#### Task to carry out
With the pictures left out, output the records below exactly.

[Dataset items]
--- START ---

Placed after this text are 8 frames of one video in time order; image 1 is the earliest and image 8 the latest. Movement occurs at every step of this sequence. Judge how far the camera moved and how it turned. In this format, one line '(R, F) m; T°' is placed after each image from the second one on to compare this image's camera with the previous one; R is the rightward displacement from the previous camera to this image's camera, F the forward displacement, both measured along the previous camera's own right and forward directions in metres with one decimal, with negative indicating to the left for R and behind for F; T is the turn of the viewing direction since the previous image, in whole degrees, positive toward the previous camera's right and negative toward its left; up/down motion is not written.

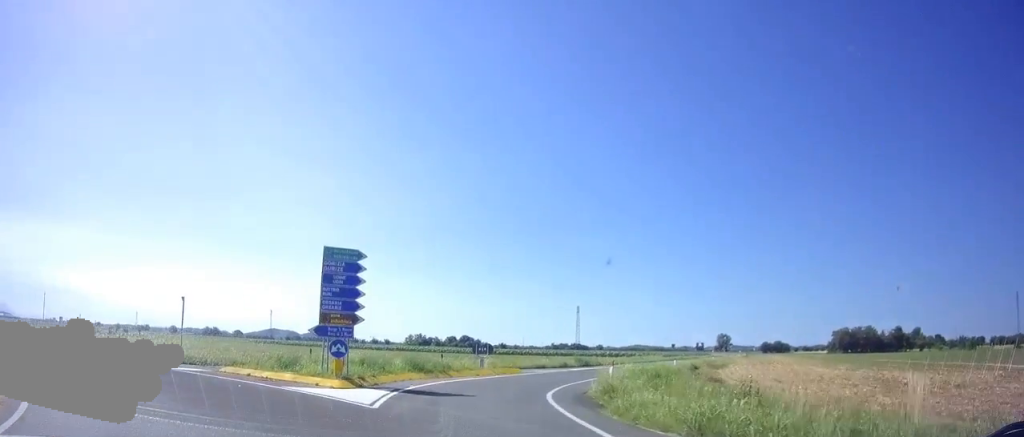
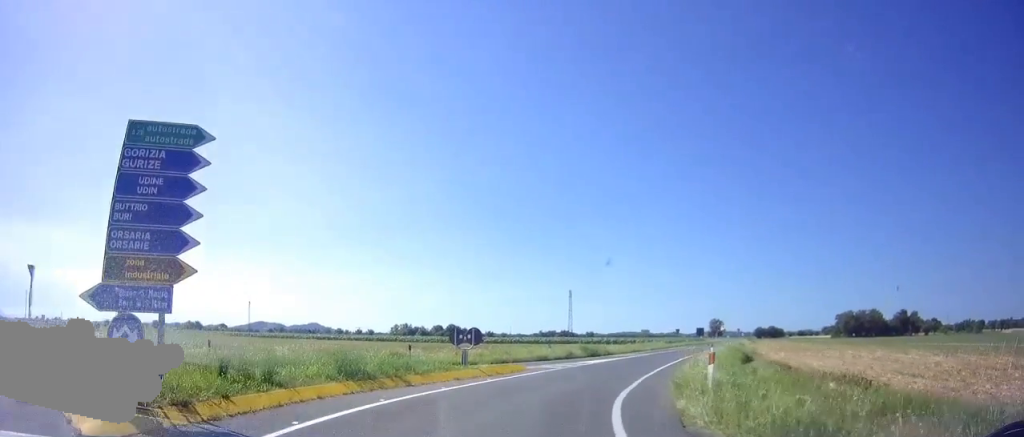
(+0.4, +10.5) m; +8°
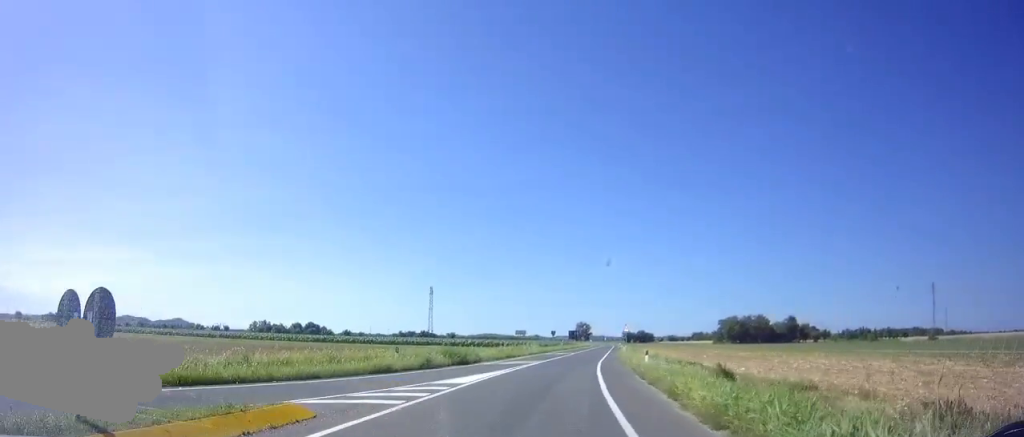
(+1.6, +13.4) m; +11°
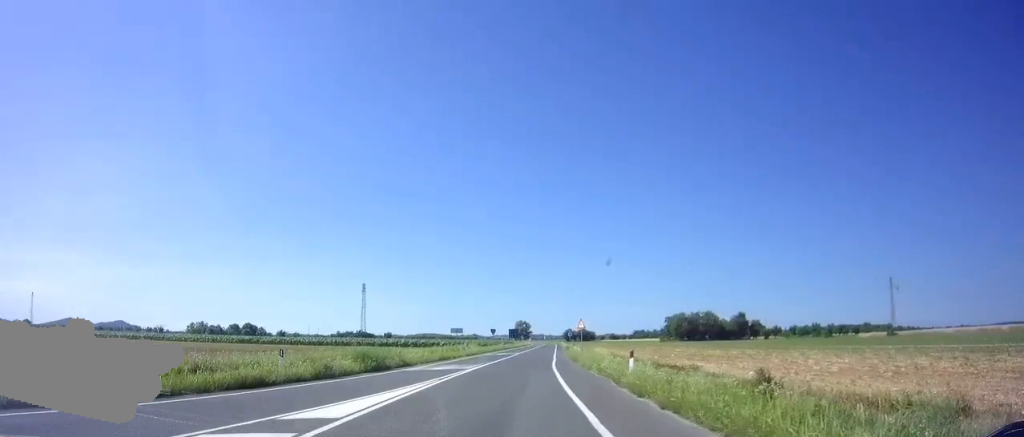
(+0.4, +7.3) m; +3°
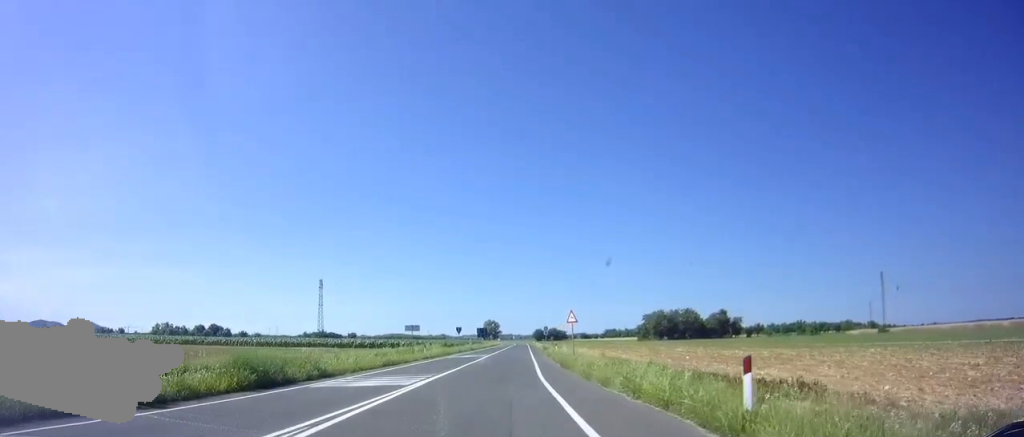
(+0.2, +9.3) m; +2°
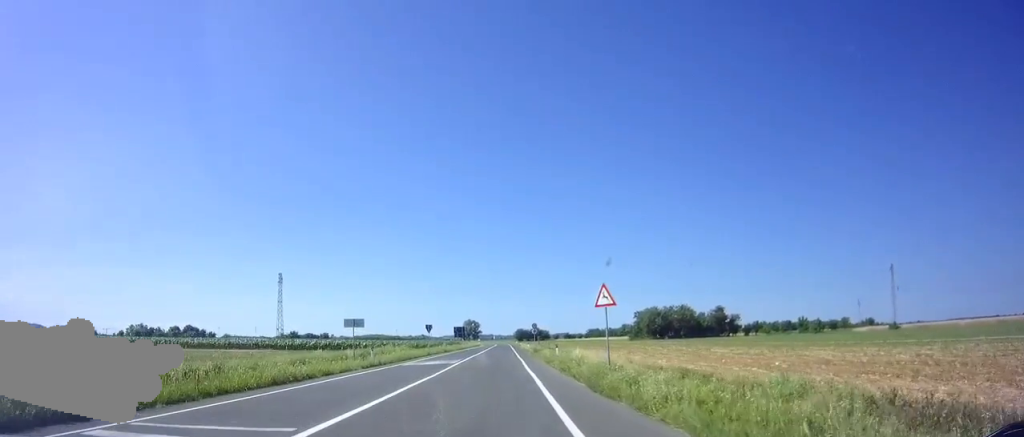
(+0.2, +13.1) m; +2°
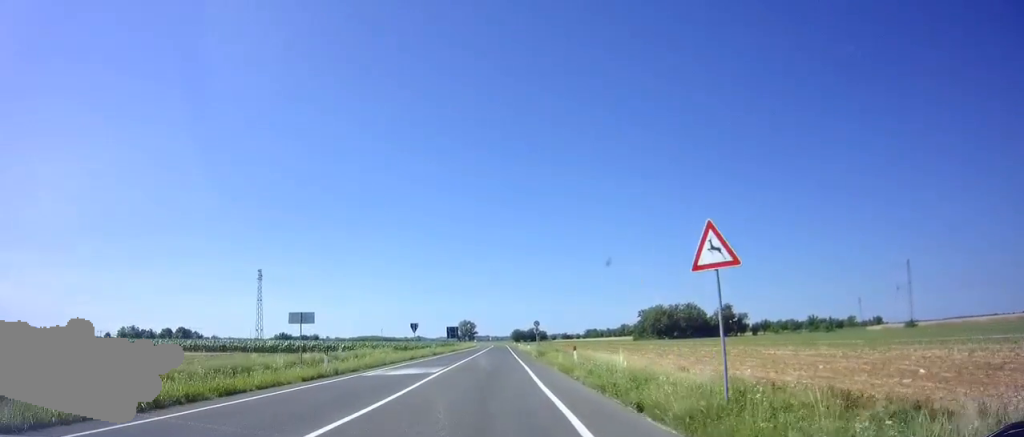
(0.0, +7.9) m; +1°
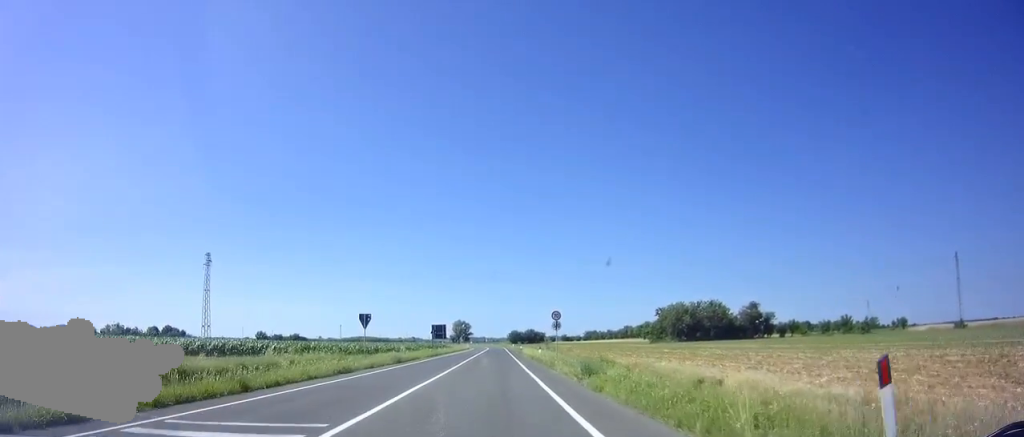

--- END ---

#### Response box
Placed after this text are 8 frames of one video in time order; image 1 is the earliest and image 8 the latest. Movement occurs at every step of this sequence. Judge how far the camera moved and how it turned. In this format, one line '(R, F) m; T°' is placed after each image from the second one on to compare this image's camera with the previous one; R is the rightward displacement from the previous camera to this image's camera, F the forward displacement, both measured along the previous camera's own right and forward directions in metres with one decimal, with negative indicating to the left for R and behind for F; T is the turn of the viewing direction since the previous image, in whole degrees, positive toward the previous camera's right and negative toward its left; up/down motion is not written.

(+0.4, +10.5) m; +8°
(+1.6, +13.4) m; +11°
(+0.4, +7.3) m; +3°
(+0.2, +9.3) m; +2°
(+0.2, +13.1) m; +2°
(0.0, +7.9) m; +1°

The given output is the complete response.